REQUIRED ACTION: Your answer needs to include each line of the records in which the string "auch" can be found.

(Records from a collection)

......

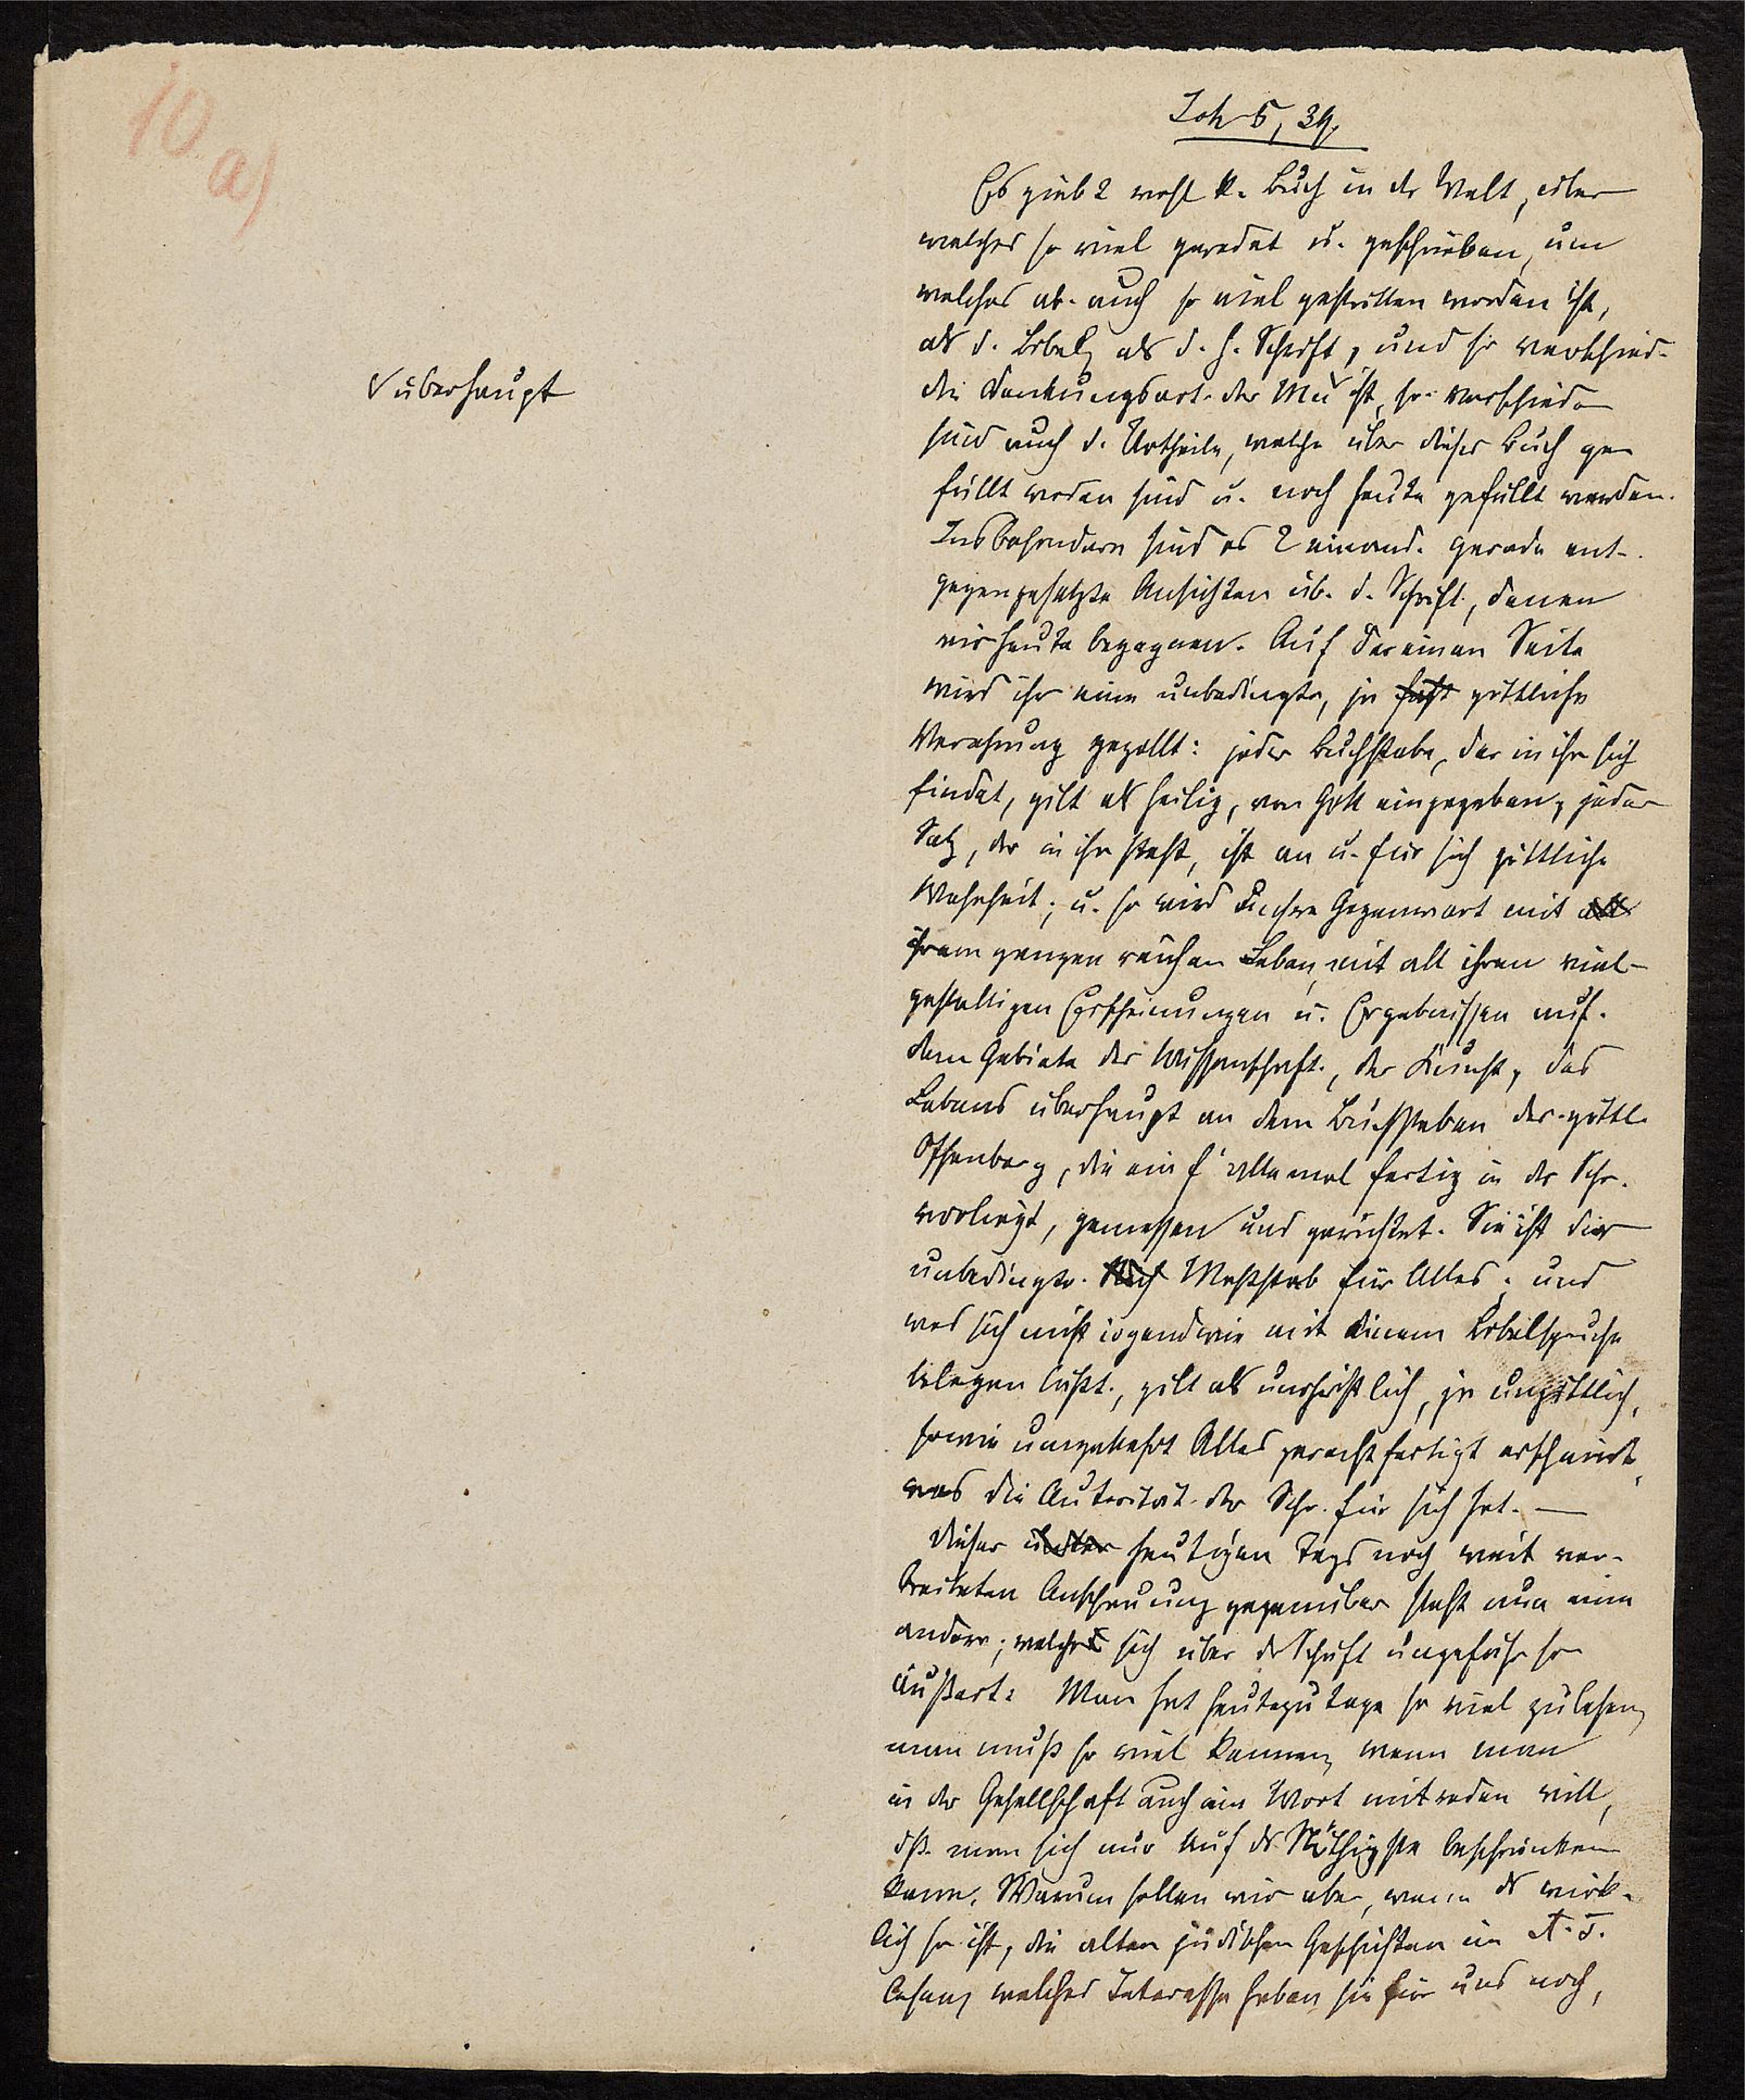V überhaupt
Joh 5,39.
Es giebt wohl k. Buch in dr Welt, über
welches so viel geredet u. geschrieben, um
welches ab. auch so viel gestritten worden ist,
as d. Bibel, als d. H. Schrift, und so verschied.
die Denkungsart der Mn ist, so verschieden
sind auch d. Urtheil welche über dieser Buch ge¬
fällt worden sind u. noch heute gefällt werden.
Insbeondern sind es 2 einand. gerande ent¬
gegengesetzte Ansichten üb. d. Schrift, denen
wir heute begegenen. Auf der einen Seite
wird ihr eine unbedingte, jn fast göttliche
Verehrung gezollt: jeder Buchstebe, der in ihr sich
findet, gilt als heilig, von Gott eingegeben, jeder
Salz, dr in ihr steht, ist an u. für sich göttliche
Wahrheit u. so wird unsre Gegenweart mit all
ihrem ganzen reichen Leben, mit all ihren viel¬
gehaltigen Erscheinungen u. Ergebnissen auf.
dem Gebiete der Wissenschaft., der Kunst, des
Lebens überhaupt an dem Buchstaben der göttl.
Offenbarg, die ein f allemal fertig in dr Schr.
vorliegt, gemessen und gerüstet. Sie ist der
unbedingte. Reich Maßstab für Alles. und
was sich nicht irgendwie mit einem Bibelspruche
belegen läßt, gilt als unchristlich, ja ungeistlich,
sowie unangetest Alles gerechtfertigt erscheint,
was die Autorität der Schr. für sich hat. _
dieser unter heutigen Tags noch weit ver¬
breiteten Anschauung gegenüber steht nun eine
andere, welches sich über d. Schrift ungeführ so
äußert: Man hat heutzutage so viel zu lesen,
man muß so viel kennen, wenn man
in der Geselschaft auch ein Wort mittreden will
dß man sich nur Auf ds Nöthigste beschränken
kann. Warum sollen wir aber, wenn ds wirk¬
lich so ist, die alten jüdishen Geschichten im A. T.
lesen, welches Interesse haben sie fein uns noch,

......

WRITTEN RESPONSE:
welches ab. auch so viel gestritten worden ist,
sind auch d. Urtheil welche über dieser Buch ge¬
in der Geselschaft auch ein Wort mittreden will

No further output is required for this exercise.